America’s renowned geostrategist, Zbigniew Brzezinski, proclaimed in 2016 that the most dangerous scenario facing the US would be a grand coalition of China and Russia, united not by ideology but by complimentary grievances. The thesis proposed by Emeritus Professor Paul Dibb in this ANU public lecture is that such a grand coalition of China and Russia is now fast becoming a geopolitical fact in the present era of growing tensions among the major powers. China and Russia are the two leading revisionist powers leagued together in their disdain for the West. Both these authoritarian states see a West that they believe is preoccupied with debilitating political challenges at home. The evidence now is accumulating to suggest that the relationship between China and Russia is strengthening to be at its closest since the 1950s.
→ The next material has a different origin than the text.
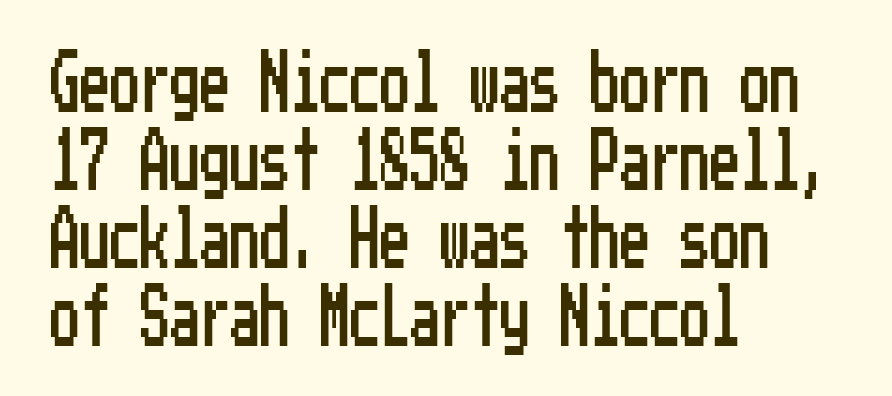
{"serif": "no", "italic": "no", "width": "condensed", "stroke_contrast": "low", "x_height": "medium", "underline": "no", "align": "left", "line_spacing": "normal", "line_spacing_ratio": 1.3, "letter_spacing": "normal", "letter_spacing_em": 0.0, "glyph_px": 60}

If the China-Russia military partnership continues its upward trend, it will inevitably seek to undermine the international security order by challenging the system of US-centred alliances in the Asia-Pacific region and Europe. Moreover, both China and Russia have outstanding territorial ambitions to demonstrate their great power status So, what are the chances of Beijing and Moscow concluding that now is the time to challenge the West and take advantage of what they both consider to be Western weaknesses? Paul Dibb will explore the pros and cons of this proposition and its implications for the security of the West, including Australia.

Paul Dibb is Emeritus Professor of strategic studies in the College of Asia and the Pacific at The Australian National University where he was Head of the Strategic and Defence Studies Centre from 1991 to 2004. His previous positions include: Deputy Secretary for Strategy and Intelligence in the Department of Defence, Director of the Defence Intelligence Organisation, and Head of the National Assessments Staff in the National Intelligence Committee.

He is the author of 5 books and 4 reports to government, as well as more than 150 academic articles and monographs about the security of the Asia-Pacific region, the US alliance, and Australia’s defence policy. He wrote the 1986 Review of Australia’s Defence Capabilities (the Dibb Report) and was the primary author of the 1987 Defence White Paper. His latest book is Inside the Wilderness of Mirrors: Australia and the Threat from the Soviet Union in the Cold War and Russia Today, Melbourne University Press 2018.